Uku may be rock hard on the outside but there is a loveable heart of gold inside that just wants the right companion to share it with (image via LA Times (c) Disney/Pixar)
Uku may be rock hard on the outside but there is a loveable heart of gold inside that just wants the right companion to share it with (image via LA Times (c) Disney/Pixar)

 

Lava, which will premiere for a select few at the Hiroshima International Animation Festival in August, and will precede Pixar’s next original feature movie Inside Out which opens in USA on June 19, 2015, was inspired by director James Ford Murphy’s honeymoon in Hawai’i 20 years ago.
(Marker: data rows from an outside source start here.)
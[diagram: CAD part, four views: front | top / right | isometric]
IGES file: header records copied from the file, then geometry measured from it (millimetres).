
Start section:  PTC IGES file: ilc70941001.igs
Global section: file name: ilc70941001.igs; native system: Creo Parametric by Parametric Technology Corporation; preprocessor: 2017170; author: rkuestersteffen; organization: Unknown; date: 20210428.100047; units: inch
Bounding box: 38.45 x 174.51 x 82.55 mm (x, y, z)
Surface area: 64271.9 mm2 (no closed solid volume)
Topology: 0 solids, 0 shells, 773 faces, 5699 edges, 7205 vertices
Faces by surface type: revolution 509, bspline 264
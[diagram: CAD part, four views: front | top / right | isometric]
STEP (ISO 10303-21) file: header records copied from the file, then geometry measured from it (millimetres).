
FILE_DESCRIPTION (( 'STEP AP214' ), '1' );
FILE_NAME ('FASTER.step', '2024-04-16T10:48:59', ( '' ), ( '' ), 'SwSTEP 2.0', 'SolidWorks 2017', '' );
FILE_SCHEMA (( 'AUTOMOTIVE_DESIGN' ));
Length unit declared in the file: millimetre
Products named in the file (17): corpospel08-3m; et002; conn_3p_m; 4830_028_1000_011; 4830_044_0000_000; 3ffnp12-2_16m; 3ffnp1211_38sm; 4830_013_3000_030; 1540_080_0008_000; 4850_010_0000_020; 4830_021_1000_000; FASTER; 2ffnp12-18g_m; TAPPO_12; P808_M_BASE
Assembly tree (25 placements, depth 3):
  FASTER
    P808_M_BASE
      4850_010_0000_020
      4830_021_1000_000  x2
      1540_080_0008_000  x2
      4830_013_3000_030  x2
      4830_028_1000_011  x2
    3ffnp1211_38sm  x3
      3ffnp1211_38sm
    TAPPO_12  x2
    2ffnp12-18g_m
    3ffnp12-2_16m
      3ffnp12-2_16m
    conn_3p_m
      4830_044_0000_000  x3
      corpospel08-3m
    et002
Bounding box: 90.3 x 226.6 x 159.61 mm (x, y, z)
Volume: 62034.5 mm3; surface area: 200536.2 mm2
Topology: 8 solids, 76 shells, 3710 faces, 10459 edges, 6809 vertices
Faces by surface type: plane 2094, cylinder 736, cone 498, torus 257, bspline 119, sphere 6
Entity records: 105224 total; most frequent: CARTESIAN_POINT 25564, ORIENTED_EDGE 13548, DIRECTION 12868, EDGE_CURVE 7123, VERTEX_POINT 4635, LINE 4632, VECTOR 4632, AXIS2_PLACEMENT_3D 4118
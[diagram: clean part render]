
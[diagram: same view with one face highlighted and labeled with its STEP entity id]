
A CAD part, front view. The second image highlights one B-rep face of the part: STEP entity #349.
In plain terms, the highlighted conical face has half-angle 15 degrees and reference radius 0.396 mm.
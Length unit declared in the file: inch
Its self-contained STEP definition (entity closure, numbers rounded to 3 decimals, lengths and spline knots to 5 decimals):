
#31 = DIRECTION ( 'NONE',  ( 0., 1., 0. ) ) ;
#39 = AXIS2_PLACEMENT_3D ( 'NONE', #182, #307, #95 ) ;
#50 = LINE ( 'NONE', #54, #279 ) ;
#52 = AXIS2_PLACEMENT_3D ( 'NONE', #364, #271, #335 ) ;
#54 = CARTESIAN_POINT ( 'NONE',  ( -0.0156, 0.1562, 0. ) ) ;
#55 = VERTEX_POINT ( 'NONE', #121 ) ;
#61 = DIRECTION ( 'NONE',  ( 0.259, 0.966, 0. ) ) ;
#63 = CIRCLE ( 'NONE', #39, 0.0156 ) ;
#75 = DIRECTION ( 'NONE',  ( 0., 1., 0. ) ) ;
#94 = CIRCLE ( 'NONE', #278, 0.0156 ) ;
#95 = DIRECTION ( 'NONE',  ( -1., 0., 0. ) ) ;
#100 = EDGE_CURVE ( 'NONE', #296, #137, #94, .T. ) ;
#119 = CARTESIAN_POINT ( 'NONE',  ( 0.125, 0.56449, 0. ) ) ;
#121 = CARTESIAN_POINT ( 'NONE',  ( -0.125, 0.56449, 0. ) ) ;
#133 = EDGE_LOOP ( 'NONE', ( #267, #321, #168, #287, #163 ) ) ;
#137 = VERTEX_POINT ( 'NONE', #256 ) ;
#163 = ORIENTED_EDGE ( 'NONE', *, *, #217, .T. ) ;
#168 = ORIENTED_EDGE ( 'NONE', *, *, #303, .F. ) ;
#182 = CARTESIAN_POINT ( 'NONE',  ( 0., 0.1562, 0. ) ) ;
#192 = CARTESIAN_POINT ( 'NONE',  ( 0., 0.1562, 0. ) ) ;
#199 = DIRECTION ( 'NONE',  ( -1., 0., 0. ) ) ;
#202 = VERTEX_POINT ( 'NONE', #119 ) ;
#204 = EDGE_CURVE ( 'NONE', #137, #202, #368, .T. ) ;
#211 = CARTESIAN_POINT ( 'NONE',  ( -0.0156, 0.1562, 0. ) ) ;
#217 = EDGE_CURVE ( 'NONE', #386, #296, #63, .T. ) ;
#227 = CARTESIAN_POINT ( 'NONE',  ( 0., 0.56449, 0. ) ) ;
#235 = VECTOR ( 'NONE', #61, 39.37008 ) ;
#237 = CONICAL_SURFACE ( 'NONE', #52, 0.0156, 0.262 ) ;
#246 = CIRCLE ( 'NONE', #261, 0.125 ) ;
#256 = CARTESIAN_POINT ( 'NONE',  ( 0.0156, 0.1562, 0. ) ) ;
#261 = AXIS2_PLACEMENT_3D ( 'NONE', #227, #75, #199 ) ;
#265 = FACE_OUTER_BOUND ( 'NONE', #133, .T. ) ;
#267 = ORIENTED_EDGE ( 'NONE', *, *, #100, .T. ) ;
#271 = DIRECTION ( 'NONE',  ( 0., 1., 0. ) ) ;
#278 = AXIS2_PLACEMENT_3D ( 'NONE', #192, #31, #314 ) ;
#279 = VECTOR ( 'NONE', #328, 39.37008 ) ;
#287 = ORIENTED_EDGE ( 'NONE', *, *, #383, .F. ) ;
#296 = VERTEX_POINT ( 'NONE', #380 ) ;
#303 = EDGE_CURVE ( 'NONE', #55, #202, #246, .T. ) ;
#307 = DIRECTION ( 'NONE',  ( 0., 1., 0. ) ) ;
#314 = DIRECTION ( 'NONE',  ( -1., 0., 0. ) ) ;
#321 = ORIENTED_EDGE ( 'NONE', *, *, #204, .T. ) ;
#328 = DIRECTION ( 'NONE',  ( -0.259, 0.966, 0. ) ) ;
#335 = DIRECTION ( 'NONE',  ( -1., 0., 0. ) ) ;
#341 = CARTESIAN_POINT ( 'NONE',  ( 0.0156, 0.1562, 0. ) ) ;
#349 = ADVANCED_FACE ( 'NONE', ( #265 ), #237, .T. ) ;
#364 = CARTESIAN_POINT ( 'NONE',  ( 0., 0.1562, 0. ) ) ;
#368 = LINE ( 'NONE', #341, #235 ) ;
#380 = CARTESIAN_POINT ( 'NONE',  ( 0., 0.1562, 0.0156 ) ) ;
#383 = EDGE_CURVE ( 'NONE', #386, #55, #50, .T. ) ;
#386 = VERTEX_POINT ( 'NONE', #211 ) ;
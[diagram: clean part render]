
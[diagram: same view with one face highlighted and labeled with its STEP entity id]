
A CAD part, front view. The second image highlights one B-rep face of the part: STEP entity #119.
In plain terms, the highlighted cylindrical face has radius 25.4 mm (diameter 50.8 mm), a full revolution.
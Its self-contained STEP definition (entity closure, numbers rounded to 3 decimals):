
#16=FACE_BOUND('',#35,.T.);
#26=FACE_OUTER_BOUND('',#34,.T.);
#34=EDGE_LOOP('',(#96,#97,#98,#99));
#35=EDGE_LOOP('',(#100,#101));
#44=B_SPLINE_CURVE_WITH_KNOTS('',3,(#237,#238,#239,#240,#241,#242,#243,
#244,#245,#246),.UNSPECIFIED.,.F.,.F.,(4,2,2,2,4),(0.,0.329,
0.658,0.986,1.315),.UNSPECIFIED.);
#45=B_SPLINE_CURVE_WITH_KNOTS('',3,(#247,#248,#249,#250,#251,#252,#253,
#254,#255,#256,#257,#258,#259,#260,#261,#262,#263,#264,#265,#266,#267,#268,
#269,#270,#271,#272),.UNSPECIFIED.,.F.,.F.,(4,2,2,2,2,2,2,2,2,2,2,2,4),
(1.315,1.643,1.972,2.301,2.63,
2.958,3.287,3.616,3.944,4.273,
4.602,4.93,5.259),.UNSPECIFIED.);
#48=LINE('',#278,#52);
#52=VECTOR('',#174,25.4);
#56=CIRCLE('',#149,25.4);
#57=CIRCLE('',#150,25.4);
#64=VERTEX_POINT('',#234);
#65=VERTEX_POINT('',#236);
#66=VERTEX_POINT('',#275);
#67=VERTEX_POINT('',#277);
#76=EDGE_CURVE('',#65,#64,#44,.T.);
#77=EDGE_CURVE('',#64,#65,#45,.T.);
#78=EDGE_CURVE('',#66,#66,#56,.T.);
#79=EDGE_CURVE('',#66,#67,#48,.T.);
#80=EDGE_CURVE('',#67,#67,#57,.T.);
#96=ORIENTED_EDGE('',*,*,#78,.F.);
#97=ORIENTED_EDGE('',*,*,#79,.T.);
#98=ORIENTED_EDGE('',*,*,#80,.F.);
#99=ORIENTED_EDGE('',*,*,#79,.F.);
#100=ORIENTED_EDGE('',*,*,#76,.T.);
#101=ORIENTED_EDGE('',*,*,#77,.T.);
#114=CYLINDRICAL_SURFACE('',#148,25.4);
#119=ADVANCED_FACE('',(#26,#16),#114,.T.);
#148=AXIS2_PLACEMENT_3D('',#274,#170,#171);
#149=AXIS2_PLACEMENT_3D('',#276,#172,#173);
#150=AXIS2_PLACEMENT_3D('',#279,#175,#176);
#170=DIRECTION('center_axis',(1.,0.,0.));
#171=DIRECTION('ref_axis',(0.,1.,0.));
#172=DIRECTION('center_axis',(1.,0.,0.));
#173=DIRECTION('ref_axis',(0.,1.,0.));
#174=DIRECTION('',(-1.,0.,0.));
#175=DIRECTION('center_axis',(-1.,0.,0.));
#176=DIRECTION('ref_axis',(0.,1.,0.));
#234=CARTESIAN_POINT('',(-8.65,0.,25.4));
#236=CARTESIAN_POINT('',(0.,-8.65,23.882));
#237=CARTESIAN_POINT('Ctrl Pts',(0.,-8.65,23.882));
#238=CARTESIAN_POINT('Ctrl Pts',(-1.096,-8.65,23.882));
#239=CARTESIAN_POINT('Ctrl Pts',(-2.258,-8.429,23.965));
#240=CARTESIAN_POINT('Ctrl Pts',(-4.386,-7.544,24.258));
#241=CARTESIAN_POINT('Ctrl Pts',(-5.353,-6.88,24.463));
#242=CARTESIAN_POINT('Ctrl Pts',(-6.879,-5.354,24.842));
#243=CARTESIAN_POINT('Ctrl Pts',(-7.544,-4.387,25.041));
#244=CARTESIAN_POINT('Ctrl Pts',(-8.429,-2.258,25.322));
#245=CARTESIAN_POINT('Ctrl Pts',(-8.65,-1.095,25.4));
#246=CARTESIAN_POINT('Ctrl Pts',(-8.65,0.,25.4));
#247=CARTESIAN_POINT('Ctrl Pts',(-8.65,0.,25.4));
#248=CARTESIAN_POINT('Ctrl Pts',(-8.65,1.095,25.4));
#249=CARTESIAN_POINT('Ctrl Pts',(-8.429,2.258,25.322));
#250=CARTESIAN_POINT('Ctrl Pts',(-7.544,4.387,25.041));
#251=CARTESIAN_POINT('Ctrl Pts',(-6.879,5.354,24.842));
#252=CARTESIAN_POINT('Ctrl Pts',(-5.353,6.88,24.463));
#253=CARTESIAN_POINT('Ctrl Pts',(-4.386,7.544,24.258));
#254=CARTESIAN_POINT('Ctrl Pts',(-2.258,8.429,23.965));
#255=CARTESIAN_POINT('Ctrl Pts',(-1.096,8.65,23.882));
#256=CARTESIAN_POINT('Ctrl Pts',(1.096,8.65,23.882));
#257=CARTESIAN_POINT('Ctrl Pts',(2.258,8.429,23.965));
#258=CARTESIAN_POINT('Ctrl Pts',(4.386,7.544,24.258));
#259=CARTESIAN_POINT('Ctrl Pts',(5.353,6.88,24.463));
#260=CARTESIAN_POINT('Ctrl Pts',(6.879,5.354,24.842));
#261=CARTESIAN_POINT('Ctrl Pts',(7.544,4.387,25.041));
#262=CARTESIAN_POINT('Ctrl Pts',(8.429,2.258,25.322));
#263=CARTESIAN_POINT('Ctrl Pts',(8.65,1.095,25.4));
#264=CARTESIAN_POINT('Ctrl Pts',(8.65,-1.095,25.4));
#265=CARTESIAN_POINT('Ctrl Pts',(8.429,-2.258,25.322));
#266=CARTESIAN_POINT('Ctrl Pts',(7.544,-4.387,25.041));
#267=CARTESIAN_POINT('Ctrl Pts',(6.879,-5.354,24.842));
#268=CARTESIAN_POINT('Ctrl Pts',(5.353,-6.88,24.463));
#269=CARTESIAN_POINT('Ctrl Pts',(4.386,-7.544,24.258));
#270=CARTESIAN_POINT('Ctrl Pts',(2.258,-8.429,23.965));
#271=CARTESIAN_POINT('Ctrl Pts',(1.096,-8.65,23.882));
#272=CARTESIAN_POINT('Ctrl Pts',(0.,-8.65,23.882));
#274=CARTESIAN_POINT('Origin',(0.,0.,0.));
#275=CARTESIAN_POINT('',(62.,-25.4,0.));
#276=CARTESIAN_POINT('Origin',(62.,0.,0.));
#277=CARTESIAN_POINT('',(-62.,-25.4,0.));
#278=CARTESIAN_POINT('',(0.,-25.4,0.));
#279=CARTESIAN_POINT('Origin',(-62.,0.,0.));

And like many of Pixar’s innovative short films, which are required to push the envelope of what is technologically possible so the techniques can be used in future feature releases, it wears its heart very much on its sleeve as Huffington Post points out:

“Pixar loves a good romance story, and the animation studio certainly tells them well, especially in quick doses. Its theatrical shorts — from Tin Toy (the first computer-animated short film to win an Oscar) to last year’s The Blue Umbrella — capture something about humanity often missed in the breadth of longer films.”

Featuring a love song “Lava,” which Murphy wrote and performed to Pixar executives as part of his pitch for the film – Hawaiian recording artists Kuana Torres Kahele and Napua Greig do the honours on the film’s official version of the song – Lava looks like it will another stellar addition to Pixar’s heartwarming, insightful and just plain gorgeous line of impressive short films.